# Duda amplificador werner de 40W



## pacuracing (Oct 18, 2010)

Hola, tengo un amplificador que era de mi abuelo y tiene unos 30 años (el ampli ). Buscando dentro me encontré el manual del amplificador y viene un esquema. Me preguntaba que clase de amplificador es. Creo que a vosotros no os costara mucho saberlo... pero es que yo no tengo ni idea.
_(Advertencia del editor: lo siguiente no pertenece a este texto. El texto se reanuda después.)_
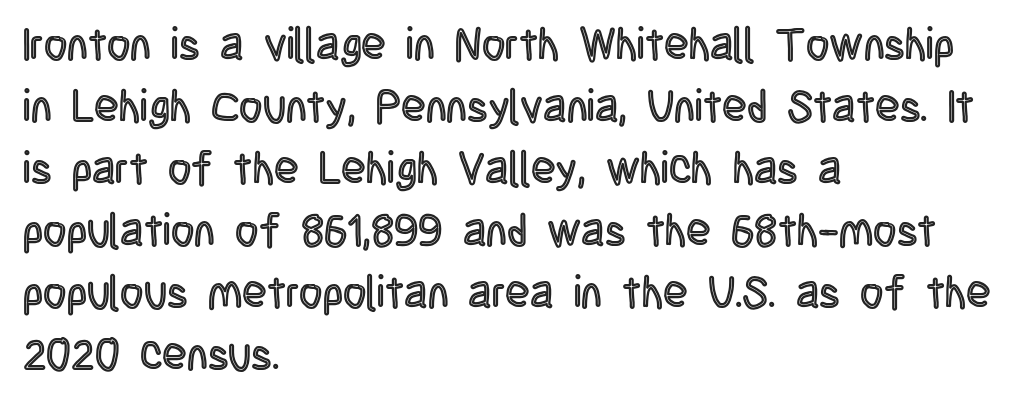
{"italic": "no", "width": "condensed", "x_height": "large", "monospaced": "no", "underline": "no", "align": "left", "line_spacing": "normal", "line_spacing_ratio": 1.38, "letter_spacing": "normal", "letter_spacing_em": 0.0, "glyph_px": 45}
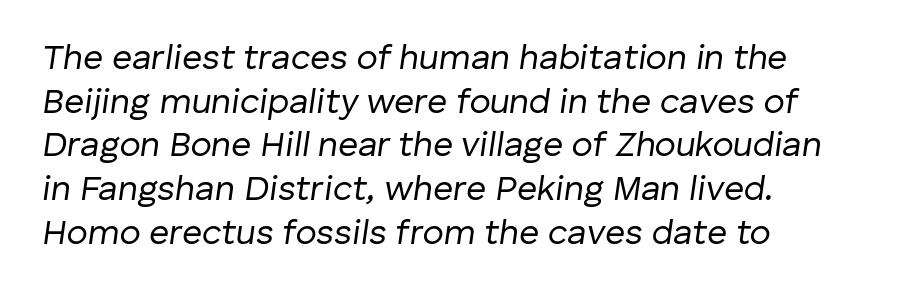
{"italic": "yes", "lean": "right", "slant_degrees": 8, "bold": "no", "weight": "regular", "width": "normal", "stroke_contrast": "low", "x_height": "medium", "monospaced": "no", "underline": "no", "align": "left", "line_spacing": "normal", "line_spacing_ratio": 1.25, "letter_spacing": "normal", "letter_spacing_em": 0.0, "glyph_px": 35}
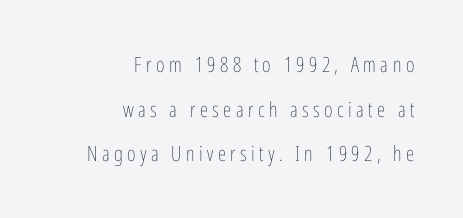
This rendering widens character spacing well past its baseline value. The vertical gap from one line to the next is large. Each stroke keeps to a modest, everyday thickness or less. The specimen reads as upright at a glance.
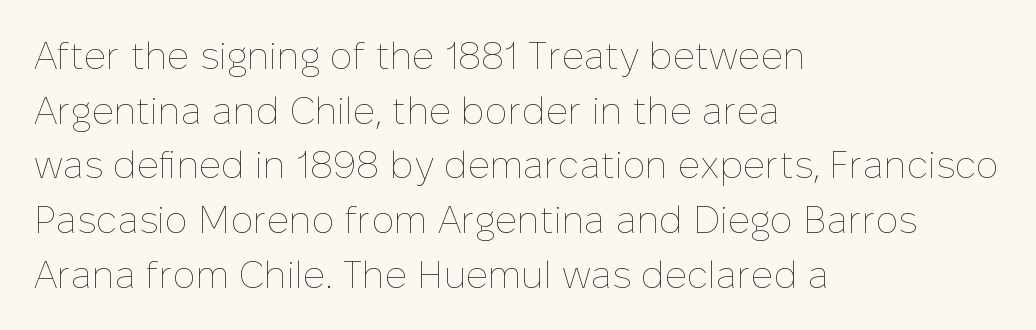
The image shows 38 px thin type, upright; set left-aligned, normal line spacing (1.44x), normal letter spacing, not underlined; low stroke contrast and a medium x-height.
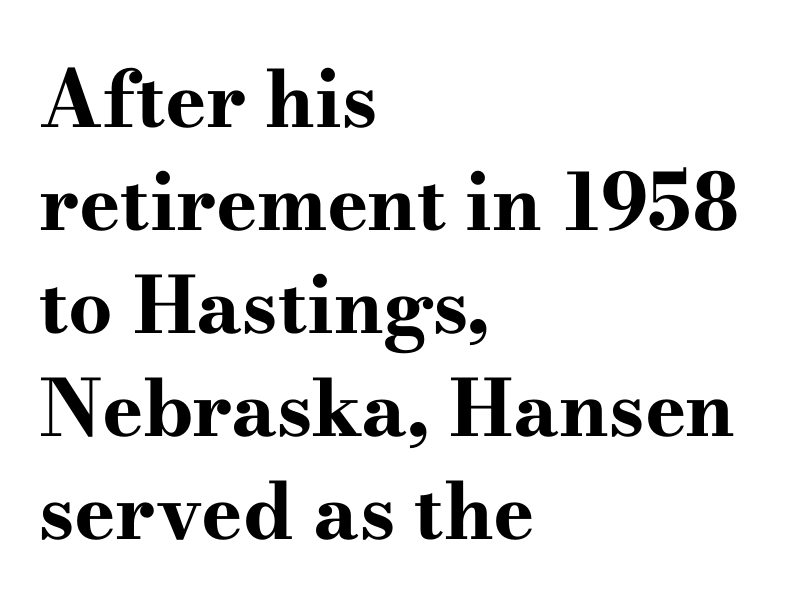
Inter-character spacing is left at the font's built-in metrics. This sample uses a serif face. The text block is weighted toward the left margin, trailing off unevenly rightward. The vertical gap from one line to the next is medium. Decoration check: the copy has no underline. Here the designer chose a conventional face with non-uniform glyph widths.
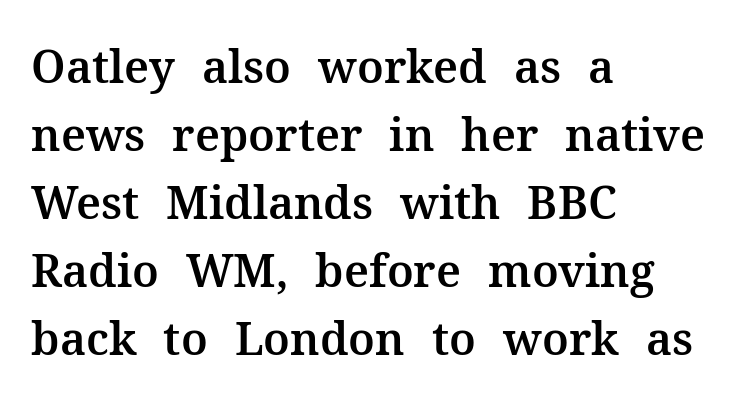
The image shows 45 px serif type, upright; set left-aligned, normal line spacing (1.51x), normal letter spacing, not underlined; medium stroke contrast and a medium x-height.
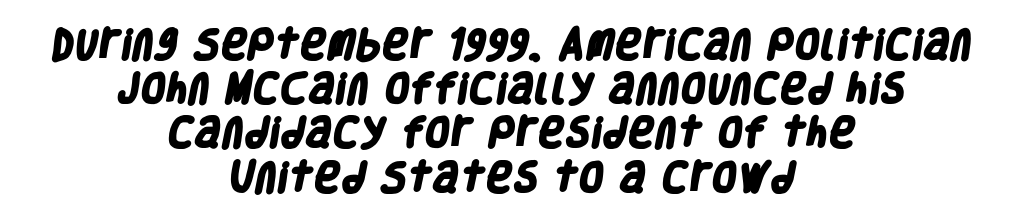
Here the designer chose a conventional face with non-uniform glyph widths. How would I describe the line gaps? Plain and ordinary. Descenders are the only things crossing below the line. Does the type have serifs? No, each stem ends abruptly. Short and long lines alike share a common midpoint.
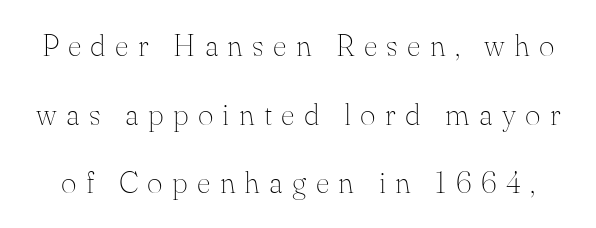
The image shows 30 px thin serif type, upright; set loose line spacing (2.29x), unusually wide letter spacing (+0.31 em), not underlined; medium stroke contrast and a small x-height.
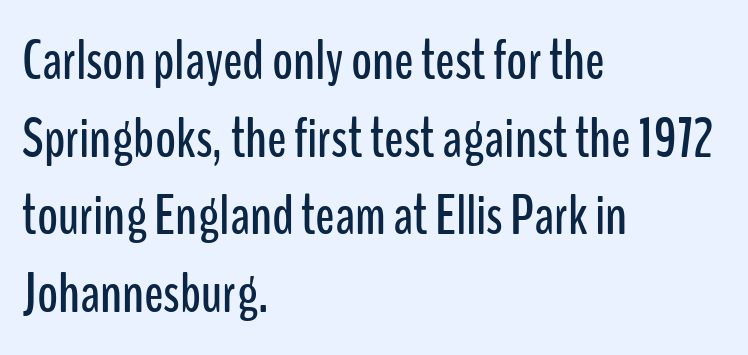
The image shows 57 px condensed sans-serif type, upright; set left-aligned, normal line spacing (1.36x), normal letter spacing, not underlined; low stroke contrast and a medium x-height.
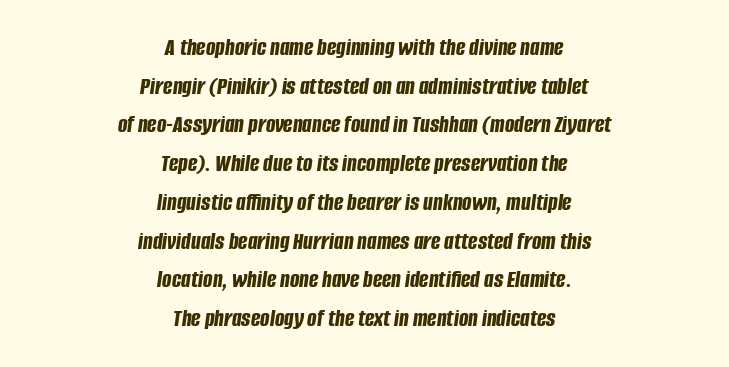
The image shows 25 px bold type, italic (leaning right); set centered, normal line spacing (1.55x), normal letter spacing, not underlined.
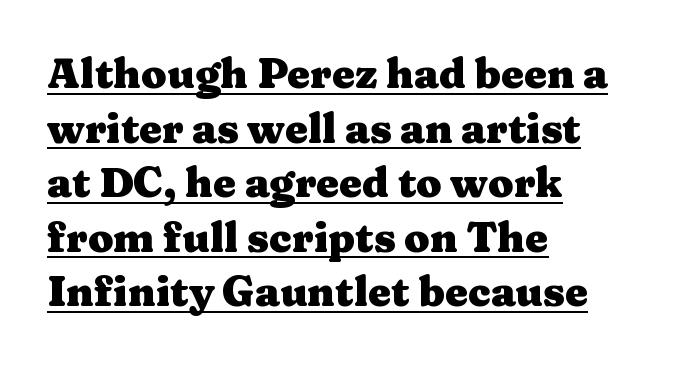
{"serif": "yes", "italic": "no", "bold": "yes", "weight": "heavy", "width": "wide", "stroke_contrast": "medium", "x_height": "medium", "monospaced": "no", "underline": "yes", "align": "left", "line_spacing": "normal", "line_spacing_ratio": 1.33, "letter_spacing": "normal", "letter_spacing_em": 0.0, "glyph_px": 41}

Es solo por curiosidad, aquí dejo una foto.

http://picasaweb.google.com/francis...authkey=Gv1sRgCNyCs6GZ592V-QE&feat=directlink


----------



## pandacba (Oct 21, 2010)

Obviamente se trata de un amplificador con transistores discretos, con salida darlington complementaria, muy similara a muchos equipos philips de la época y otras márcas europeas que utilizaban el mismo tipo de esquemas con TR darlington.
He visto muchos de esos equipos, muy buen sonido, el equipo estaba compuesto por bandeja giradisco.
Deck, Amplificador, PRE Y Sintonizador, es decir 5 elementos como era en esos años, muy buen equipo
Si podes escanea el manual en alta resolcuión, escanealo y subilo, asi sabemos de que modelo se trata
y poder saber entre otras cosas si los Tr de salida estan cápsula metálica como los BDX o plástica como lod BUV, aparte es un muy buen diseño, para que aprovechen todos aquellos que buscan un buen amplificador de potencia media que permite escuchar música con muy buena calidad.

Aqui otro modelo de la marca
http://www.ebayanuncios.es/compraventa/amplificador-werner-t1301/7170114


----------



## Cyborg16 (Nov 23, 2010)

Que lindo aparato!


----------



## pandacba (Nov 24, 2010)

Y que sonido!!! ya que es muy bueno el amplificador que lleva incorporado


----------



## Dano (Nov 25, 2010)

Está entre un A y un AB
No veo bien los valores de las resistencias, pero parece un AB.

Saludos


----------



## pandacba (Nov 25, 2010)

Seria interesante que posteara el resto del manual, ya que en el circuito no estan lo valores de resistencias, capacidades ni que transistores.
Solo se ve que se alimenta con +-40V

He visto ese amplificador antes, y por algun lado tengo el esquema pero no lo encuentro


----------